Last week, as buyers suddenly departed, the marine market prices of iron ore presented a slump trend. Statistically, sea freight from Brazil to China and from Australia to China sharply dropped 14.89% and 31.53% respectively. The Baltic Sea Cape of Good Hope-model vessel freight price index (BCI) also fell 22.90%.

However, the fall of sea freight is only short-term, based on the current situation of ocean transportation. Although after the sharp slump the expected ocean freight rebound won’t be quite quick to return to a high position, judging from the long-term trends, it remains likely to rise high.

Some market researchers from Tootoo.com analyzed that a series of macro- control measures by the Chinese government not only changed the people’s points of view about the import market of iron ore but also indicated the government started to intervene in the Sino-Australian negotiation of iron ore prices ( http://news.tootoo.com/Minerals/Iron___Steel/ ).
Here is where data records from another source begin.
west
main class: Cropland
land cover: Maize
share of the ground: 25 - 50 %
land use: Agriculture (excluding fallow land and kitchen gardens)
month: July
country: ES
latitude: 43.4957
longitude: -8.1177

Whereas, in the end, Australian iron ore producers refused the ocean freight compensation, the possibility of accepting 65% price rise scope increased.
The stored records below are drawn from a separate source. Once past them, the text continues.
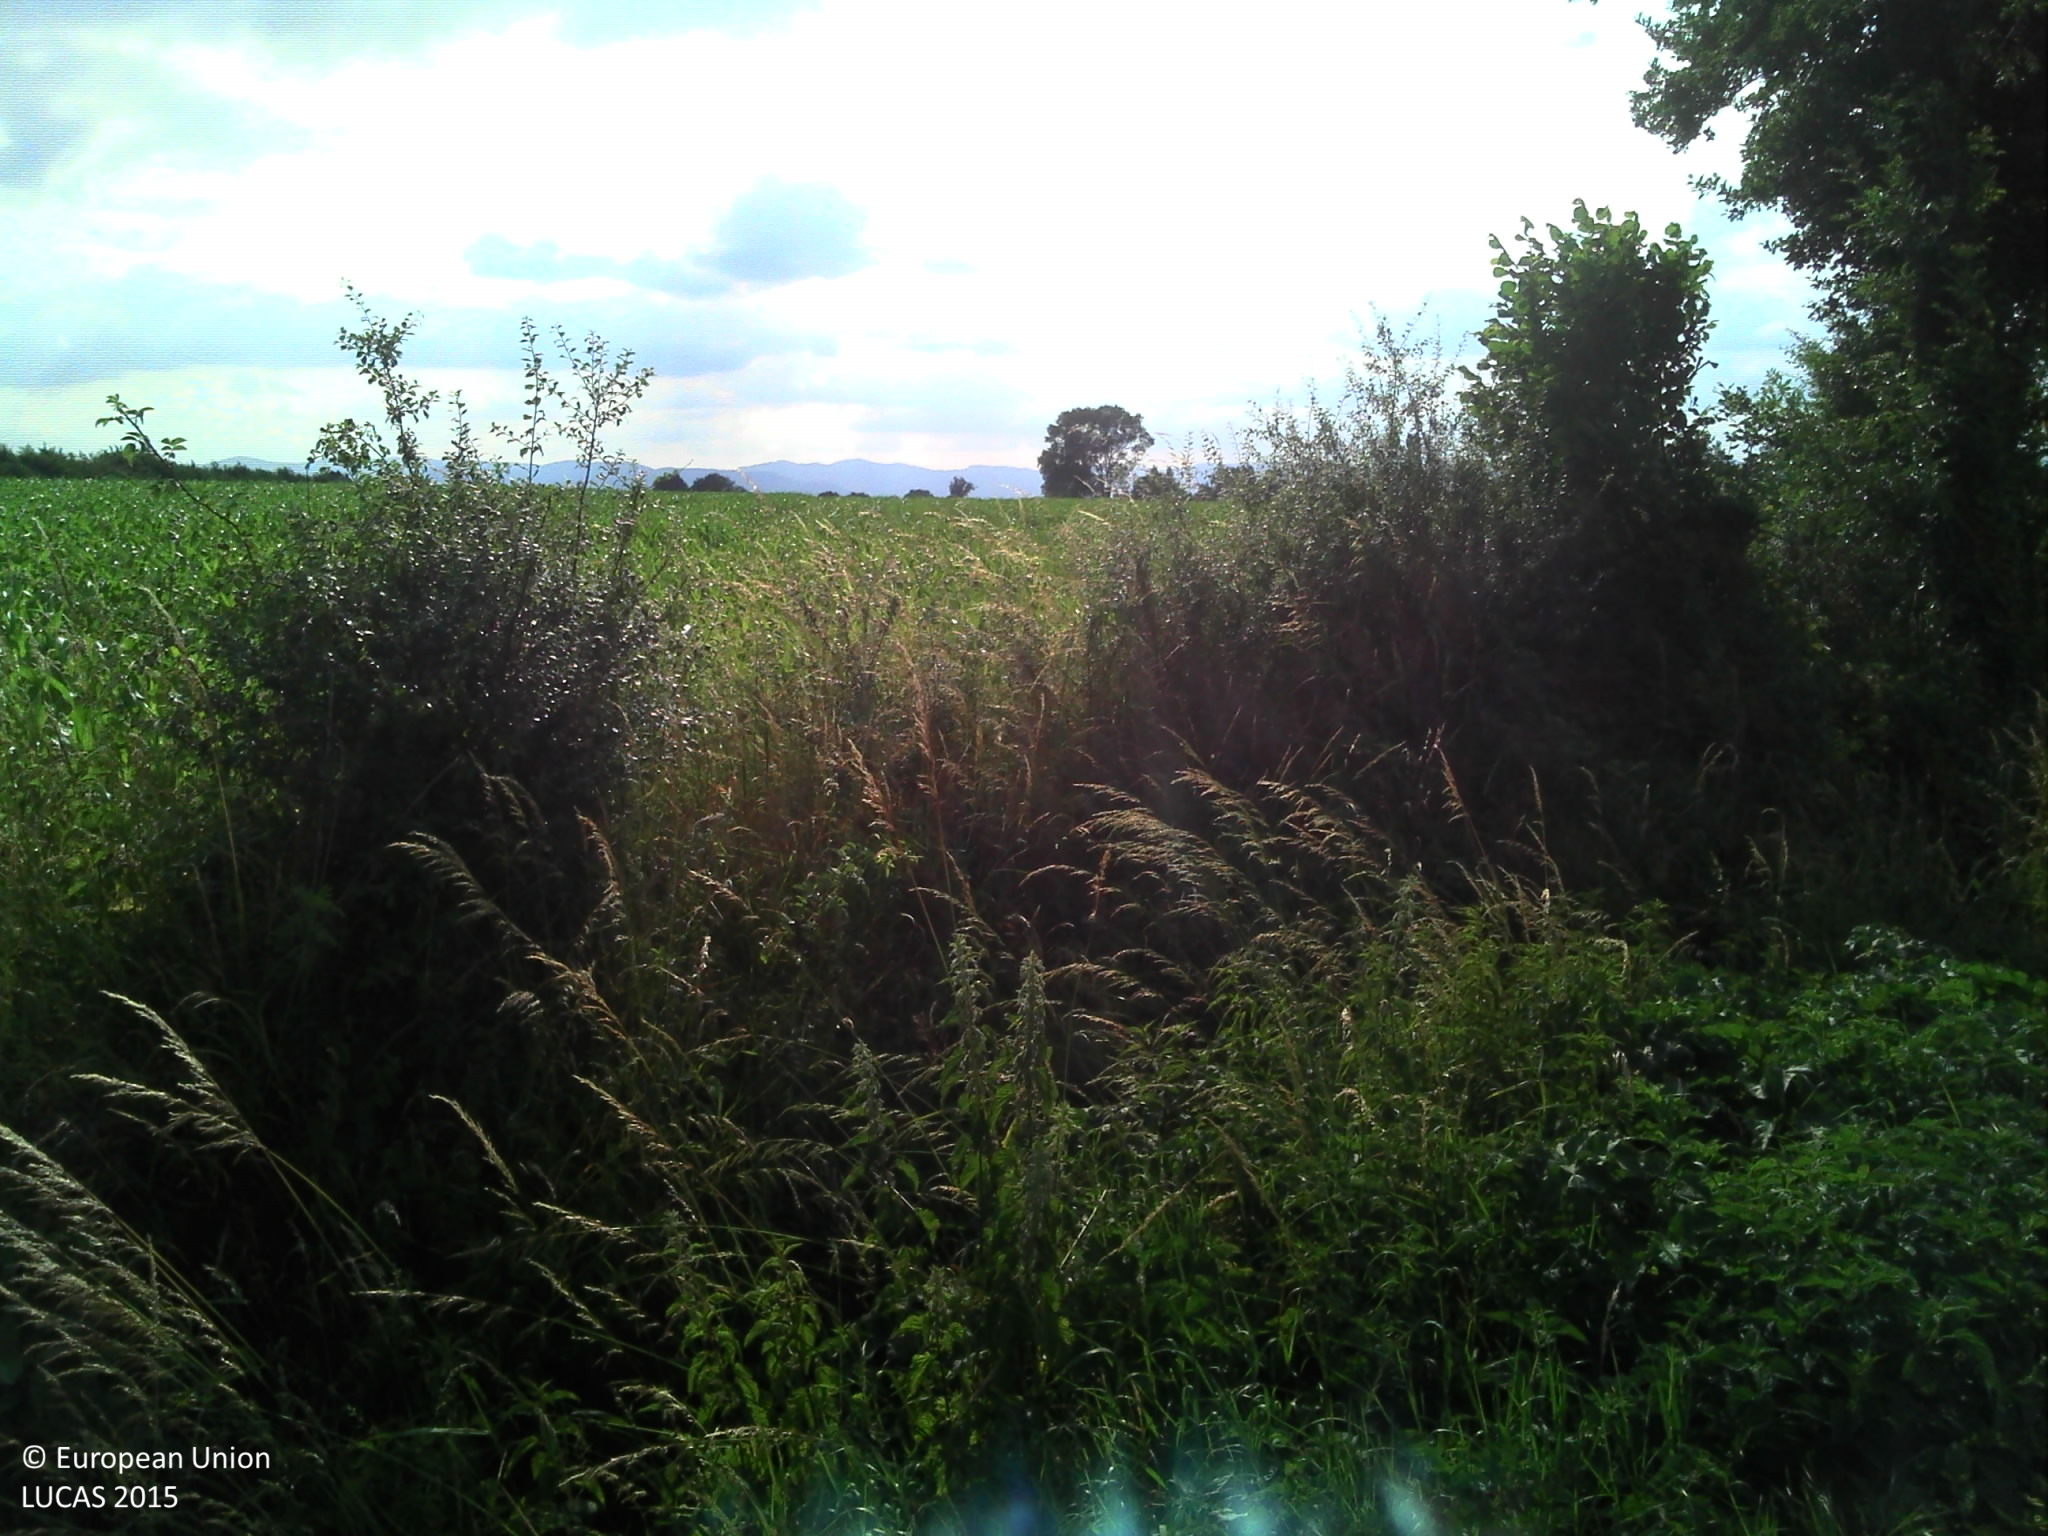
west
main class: Cropland
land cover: Maize
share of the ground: 25 - 50 %
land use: Agriculture (excluding fallow land and kitchen gardens)
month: June
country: FR
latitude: 46.0453
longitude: 4.8208

Generally speaking, if the problem of too-high ocean freight of iron ore cannot be solved effectively, the current low profit of China’s iron and steel enterprises ( http://www.tootoo.com/buy-metal_steel/ ) will be segmented by international iron ore and marine transportation giants together. Now, since ocean freight is already at a too-high level, the CIF price of China’s imports of iron ore nearly exceeds Chinese domestic prices of steel commodities. To some extent, sea freight of iron ore has a deep relation with the development and survival of China’s iron and steel enterprises.